マンション物件選びのポイント/マンションの性能・耐久性

マンションの性能が比較できる住宅性能表示制度(2ページ目)

耐震や省エネなどマンションの性能に改めて関心が高まっています。住宅の性能を一般消費者にも分かりやすく表示できるようにしたのが住宅性能表示制度。国が定めた統一基準で等級などが表示されるので、物件同士で比較もしやすくなっています。

大森 広司

執筆者:大森 広司

マンション入門ガイド


等級4より3が多い省エネ対策等級

住宅性能表示制度のうち省エネ性に関する分野が「温熱環境」です。省エネルギー対策等級に1~4等級のランク付けがあり、等級4は最も新しい(平成11年告示)基準である次世代省エネ基準を満たすことを意味します。

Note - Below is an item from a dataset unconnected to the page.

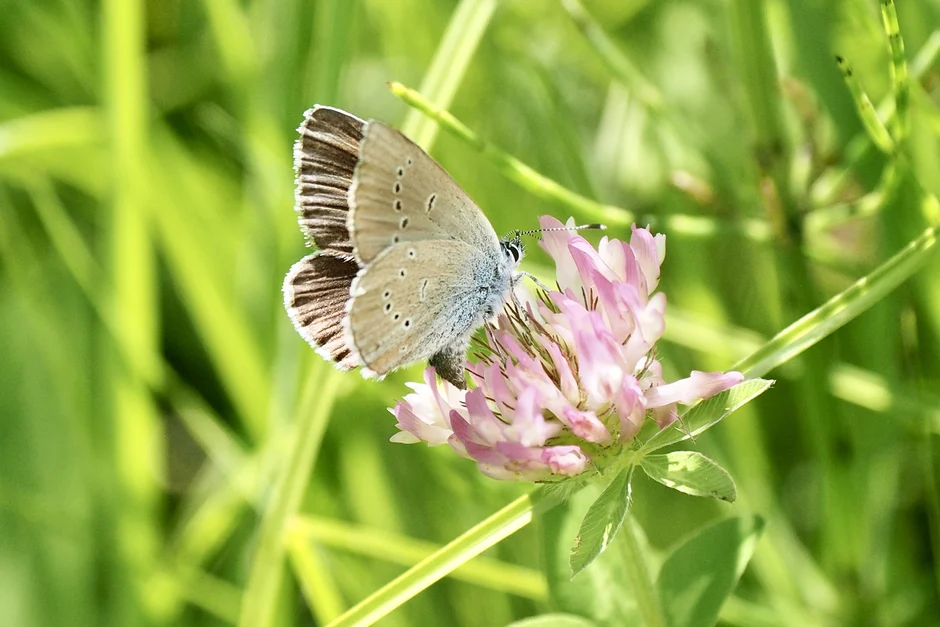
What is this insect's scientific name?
Cyaniris semiargus

統計データによると、マンションでは等級3が約8割で最も多く、等級4は15%です。等級3は平成4年に告示された新省エネ基準と呼ばれる基準を満たすレベル。最近は首都圏や近畿圏でも窓ガラスを複層ガラスにするなどして断熱性能を高め、等級4を取得するケースも増えているようです。
温熱環境に関すること

温熱環境に関すること



ホルムアルデヒドは最高ランクの等級3がほとんど

室内の空気には建材などから発生する化学物質が含まれています。化学物質の濃度が高いと頭痛やめまいなどの症状が出るなど、健康への影響があることが分かっています。そこで室内空気中の化学物質濃度を低減するための対策について評価するのが「空気環境」です。

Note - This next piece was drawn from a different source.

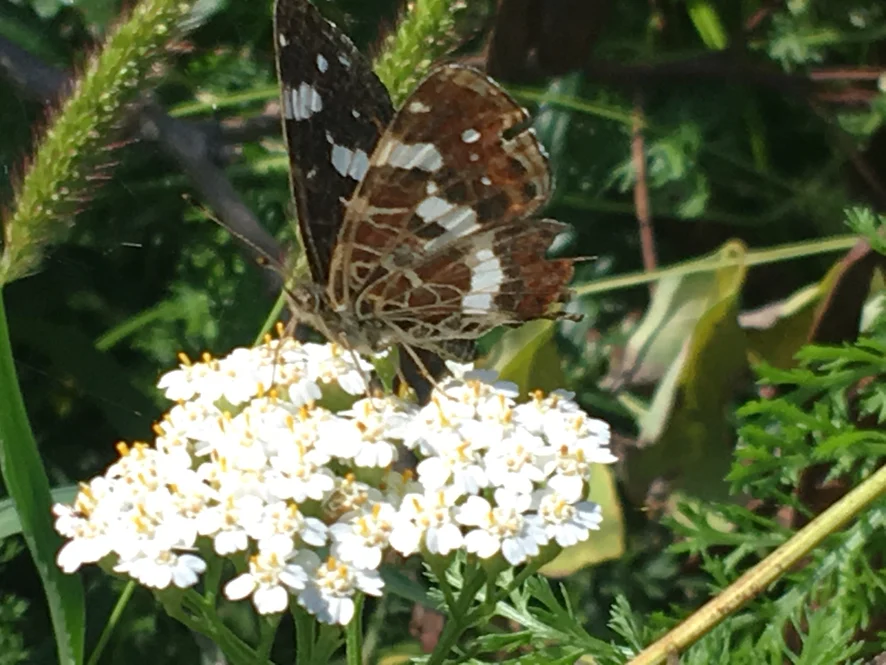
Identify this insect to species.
Araschnia levana

空気環境の分野には換気対策など3つの表示事項があり、そのうちのひとつがホルムアルデヒド発散等級です。シックハウスの主な原因とされるホルムアルデヒドの発散量の少なさを示す等級で、内装では最も発散量の少ない等級3が100%近くを占めています。
空気環境に関すること

空気環境に関すること



専用・共用ともバリアフリーは等級1が7割

高齢者などでも住みやすいか、いわゆるバリアフリーの度合いを示すのが「高齢者等への配慮」です。具体的には段差の解消や手すりの設置といった「移動の安全性」と、通路や出入り口の幅、浴室の広さなど「介助の容易性」が評価されます。

マンションの場合は専用部分(住戸内)と共用部分(エントランスから玄関まで)に分かれ、それぞれ高齢者等配慮対策等級で等級5まで表示されます。データではどちらも等級1が最も多く、それぞれ7割前後を占めています。段差解消や手すり設置などは比較的採用しやすい項目ですが、通路幅や広さの確保はなかなかハードルが高いようです。
高齢者等への配慮に関すること1

高齢者等への配慮に関すること1


高齢者等への配慮に関すること2

高齢者等への配慮に関すること2


このほか、住宅性能表示制度には、「火災時の安全」「維持管理・更新への配慮」「光・詩環境」「音環境」「防犯」の各事項があります。必ずしも等級で表示されているものばかりではなく、意味が分かりにくい内容もあるかもしれませんが、関心のある人は不動産会社に説明してもらうといいでしょう。